• [TASK OBJECTIVE]: For each line below that contains the word "regular", return that line.

• [STUDY MATERIAL]:
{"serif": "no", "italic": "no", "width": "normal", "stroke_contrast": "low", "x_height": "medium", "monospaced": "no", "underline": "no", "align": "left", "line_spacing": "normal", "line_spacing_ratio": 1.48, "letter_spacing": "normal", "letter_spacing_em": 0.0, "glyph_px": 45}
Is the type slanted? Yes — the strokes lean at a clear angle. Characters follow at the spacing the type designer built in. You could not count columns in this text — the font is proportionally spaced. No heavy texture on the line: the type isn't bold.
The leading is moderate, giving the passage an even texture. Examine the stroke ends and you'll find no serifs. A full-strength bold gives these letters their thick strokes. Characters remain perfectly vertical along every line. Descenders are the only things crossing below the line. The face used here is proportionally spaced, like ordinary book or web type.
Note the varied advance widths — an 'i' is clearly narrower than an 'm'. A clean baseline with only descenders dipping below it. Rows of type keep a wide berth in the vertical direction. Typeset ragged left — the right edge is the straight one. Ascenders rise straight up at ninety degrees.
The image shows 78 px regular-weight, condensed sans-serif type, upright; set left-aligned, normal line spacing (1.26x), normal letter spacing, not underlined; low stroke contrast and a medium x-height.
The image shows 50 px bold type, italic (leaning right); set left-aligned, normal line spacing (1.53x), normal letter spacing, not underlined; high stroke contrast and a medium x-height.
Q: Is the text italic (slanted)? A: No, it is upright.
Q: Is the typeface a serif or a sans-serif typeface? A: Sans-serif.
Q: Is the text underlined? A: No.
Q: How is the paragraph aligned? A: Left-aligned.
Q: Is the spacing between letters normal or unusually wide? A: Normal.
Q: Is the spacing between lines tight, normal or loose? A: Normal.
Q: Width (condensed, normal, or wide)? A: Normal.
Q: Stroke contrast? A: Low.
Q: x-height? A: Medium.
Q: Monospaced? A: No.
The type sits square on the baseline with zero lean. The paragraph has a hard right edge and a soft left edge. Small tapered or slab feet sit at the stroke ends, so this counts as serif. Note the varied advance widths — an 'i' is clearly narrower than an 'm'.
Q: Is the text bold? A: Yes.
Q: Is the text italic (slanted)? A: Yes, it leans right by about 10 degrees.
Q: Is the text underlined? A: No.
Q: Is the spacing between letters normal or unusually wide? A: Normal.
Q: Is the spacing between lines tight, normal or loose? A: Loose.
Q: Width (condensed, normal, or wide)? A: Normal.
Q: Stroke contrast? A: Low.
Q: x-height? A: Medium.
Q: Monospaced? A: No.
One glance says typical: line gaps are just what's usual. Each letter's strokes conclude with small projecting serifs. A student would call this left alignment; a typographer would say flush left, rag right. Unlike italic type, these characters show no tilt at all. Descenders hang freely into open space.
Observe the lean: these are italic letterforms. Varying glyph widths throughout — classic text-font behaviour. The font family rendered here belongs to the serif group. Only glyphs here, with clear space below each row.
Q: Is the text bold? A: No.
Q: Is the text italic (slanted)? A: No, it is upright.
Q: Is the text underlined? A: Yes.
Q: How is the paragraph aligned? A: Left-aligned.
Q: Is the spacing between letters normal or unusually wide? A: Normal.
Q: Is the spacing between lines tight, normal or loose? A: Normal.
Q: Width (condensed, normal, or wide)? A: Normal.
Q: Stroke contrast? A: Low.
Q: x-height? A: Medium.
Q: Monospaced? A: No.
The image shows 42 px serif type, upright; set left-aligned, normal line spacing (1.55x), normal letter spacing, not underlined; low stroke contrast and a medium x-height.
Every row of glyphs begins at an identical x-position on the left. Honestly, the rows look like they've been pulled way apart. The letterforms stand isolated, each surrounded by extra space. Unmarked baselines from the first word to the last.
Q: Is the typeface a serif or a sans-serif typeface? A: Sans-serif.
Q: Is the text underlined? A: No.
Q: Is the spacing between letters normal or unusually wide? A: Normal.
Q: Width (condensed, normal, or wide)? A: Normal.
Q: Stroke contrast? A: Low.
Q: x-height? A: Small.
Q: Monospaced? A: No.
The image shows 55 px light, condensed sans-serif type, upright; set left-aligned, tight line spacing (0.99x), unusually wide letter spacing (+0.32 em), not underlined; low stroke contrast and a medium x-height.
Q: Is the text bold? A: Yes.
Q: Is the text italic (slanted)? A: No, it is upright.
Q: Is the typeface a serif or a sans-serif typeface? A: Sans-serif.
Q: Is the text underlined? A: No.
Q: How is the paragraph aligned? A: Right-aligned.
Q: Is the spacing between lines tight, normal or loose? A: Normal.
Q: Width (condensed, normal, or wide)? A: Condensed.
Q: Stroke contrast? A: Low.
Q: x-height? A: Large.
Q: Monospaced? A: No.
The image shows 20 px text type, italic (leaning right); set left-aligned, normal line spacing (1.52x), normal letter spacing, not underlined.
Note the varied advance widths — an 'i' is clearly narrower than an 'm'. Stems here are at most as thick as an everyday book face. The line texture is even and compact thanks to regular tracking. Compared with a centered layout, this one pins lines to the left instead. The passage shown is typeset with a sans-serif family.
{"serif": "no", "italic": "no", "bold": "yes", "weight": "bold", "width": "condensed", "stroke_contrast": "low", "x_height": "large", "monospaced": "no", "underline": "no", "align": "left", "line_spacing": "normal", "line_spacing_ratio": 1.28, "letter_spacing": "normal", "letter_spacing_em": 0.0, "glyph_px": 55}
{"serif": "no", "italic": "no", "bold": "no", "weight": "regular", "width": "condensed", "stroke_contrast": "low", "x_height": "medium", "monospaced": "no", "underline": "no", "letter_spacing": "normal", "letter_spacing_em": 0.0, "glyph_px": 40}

• [TASK OUTPUT]:
The image shows 78 px regular-weight, condensed sans-serif type, upright; set left-aligned, normal line spacing (1.26x), normal letter spacing, not underlined; low stroke contrast and a medium x-height.
Note the varied advance widths — an 'i' is clearly narrower than an 'm'. Stems here are at most as thick as an everyday book face. The line texture is even and compact thanks to regular tracking. Compared with a centered layout, this one pins lines to the left instead. The passage shown is typeset with a sans-serif family.
{"serif": "no", "italic": "no", "bold": "no", "weight": "regular", "width": "condensed", "stroke_contrast": "low", "x_height": "medium", "monospaced": "no", "underline": "no", "letter_spacing": "normal", "letter_spacing_em": 0.0, "glyph_px": 40}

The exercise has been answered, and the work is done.